In July 2013, Welcome to Night Vale was ranked second on the top ten audio podcasts list on iTunes, behind radio program This American Life. During the same month, it surpassed This American Life to become first on the podcasts list, having received 150,000 downloads during a single week.

In December 2013, The A.V. Club ranked the show seventh on its Best Podcasts of 2013 list.

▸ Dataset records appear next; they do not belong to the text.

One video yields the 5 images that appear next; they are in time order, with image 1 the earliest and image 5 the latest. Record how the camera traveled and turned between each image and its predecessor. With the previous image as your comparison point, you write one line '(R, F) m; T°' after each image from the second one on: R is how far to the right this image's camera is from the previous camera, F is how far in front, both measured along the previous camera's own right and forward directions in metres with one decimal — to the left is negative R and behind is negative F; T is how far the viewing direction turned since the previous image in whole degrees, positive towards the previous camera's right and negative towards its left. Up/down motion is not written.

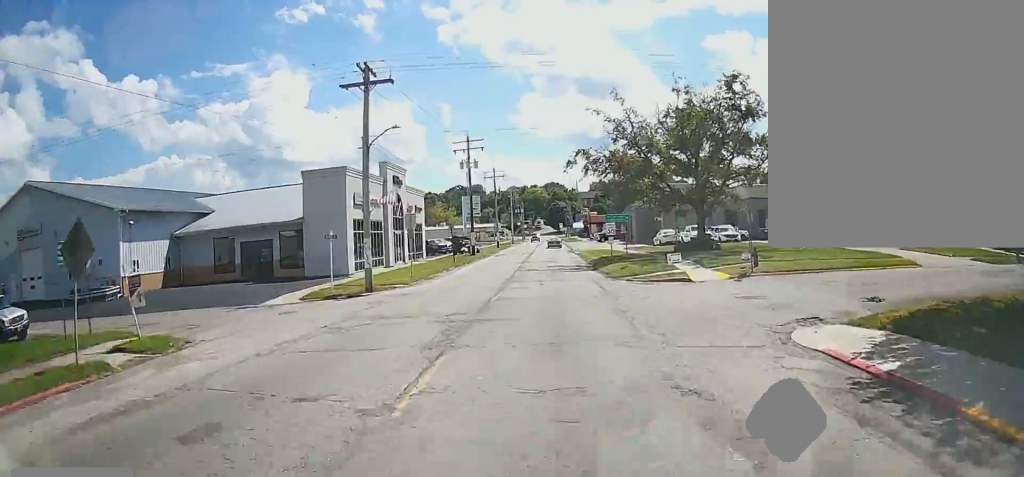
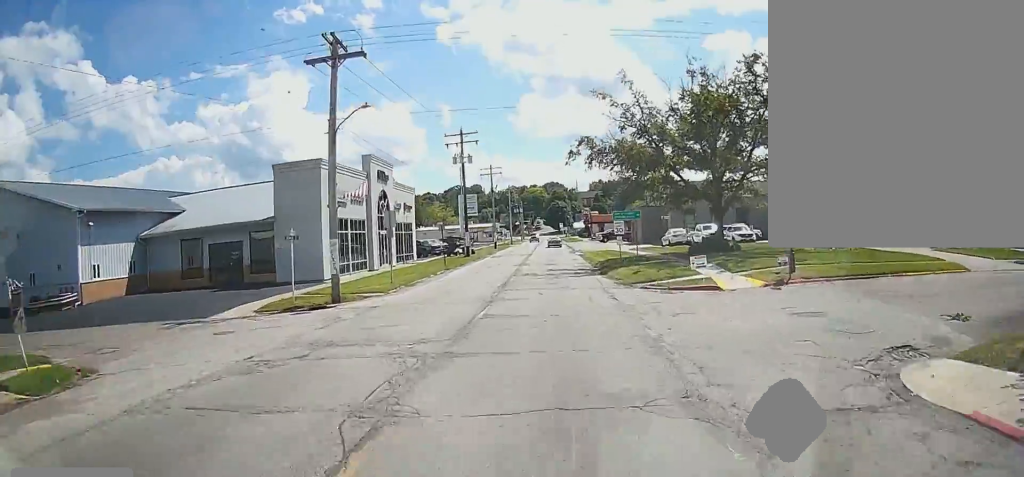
(0.0, +4.3) m; -1°
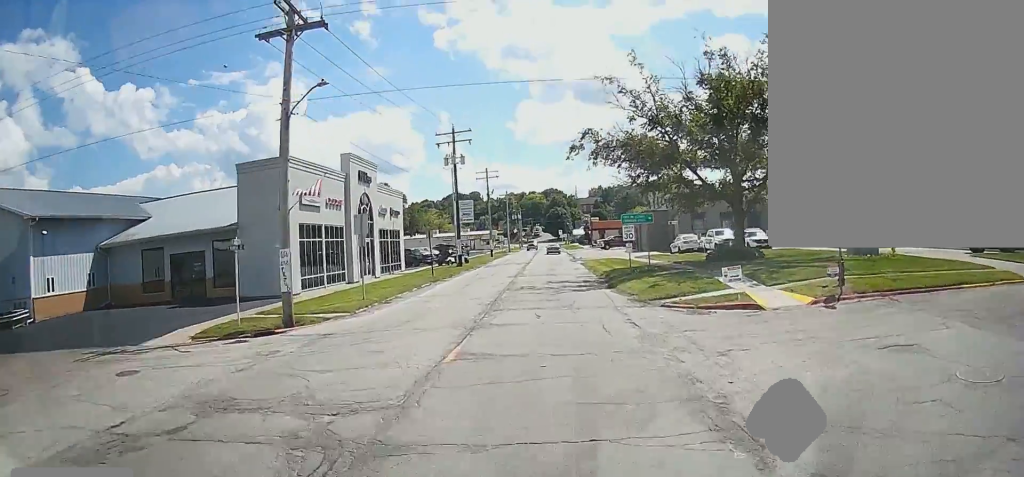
(-0.1, +4.2) m; -1°
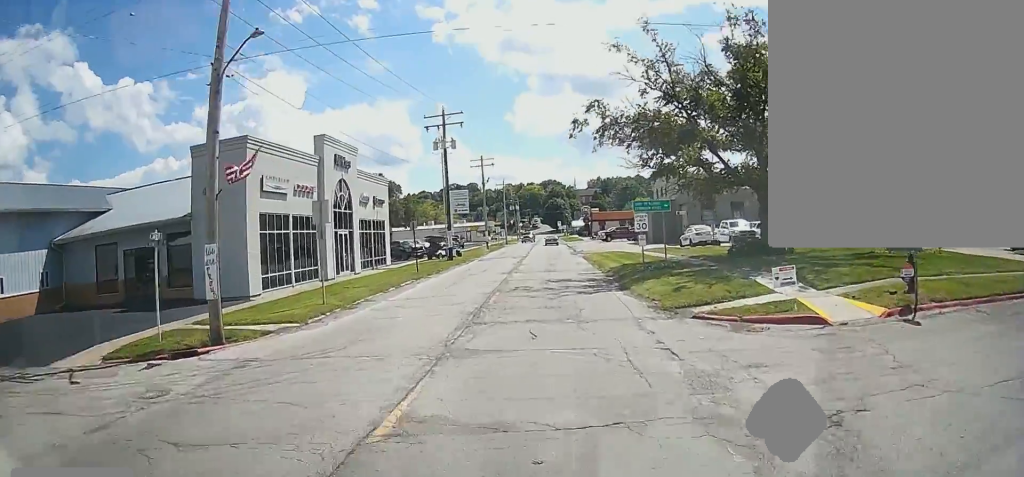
(-0.1, +4.2) m; -1°
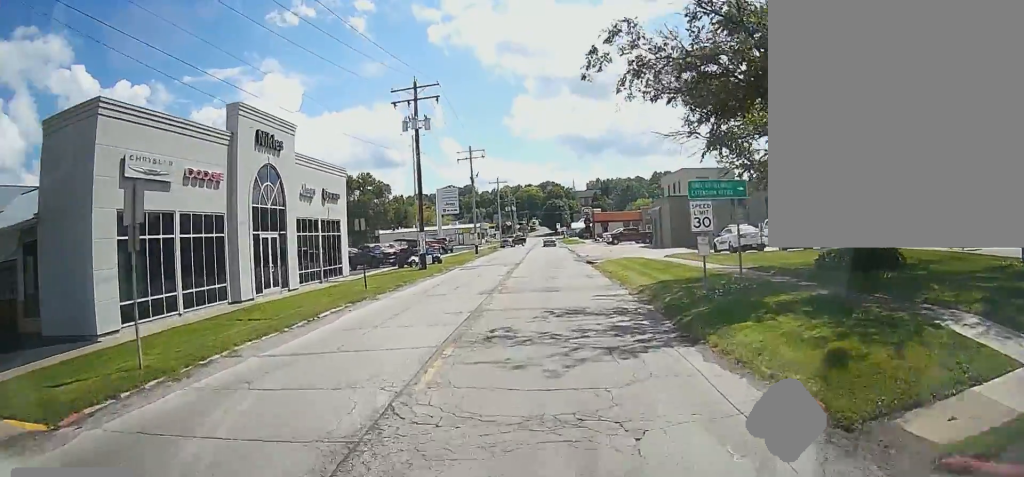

Co-producer Jeffrey Cranor attributed this spike in popularity to both Tumblr and fans of the television series Hannibal. Max Sebela, a creative strategist for Tumblr, stated that the fan following began to "spiral out of control" beginning on July 5, with that week having "20,000-plus posts about 'Night Vale,' with 183,000-plus individual blogs participating in the conversation, and 680,000-plus notes." The Twitter account for the podcast has been noted as having more than 20,000 followers by July 2013.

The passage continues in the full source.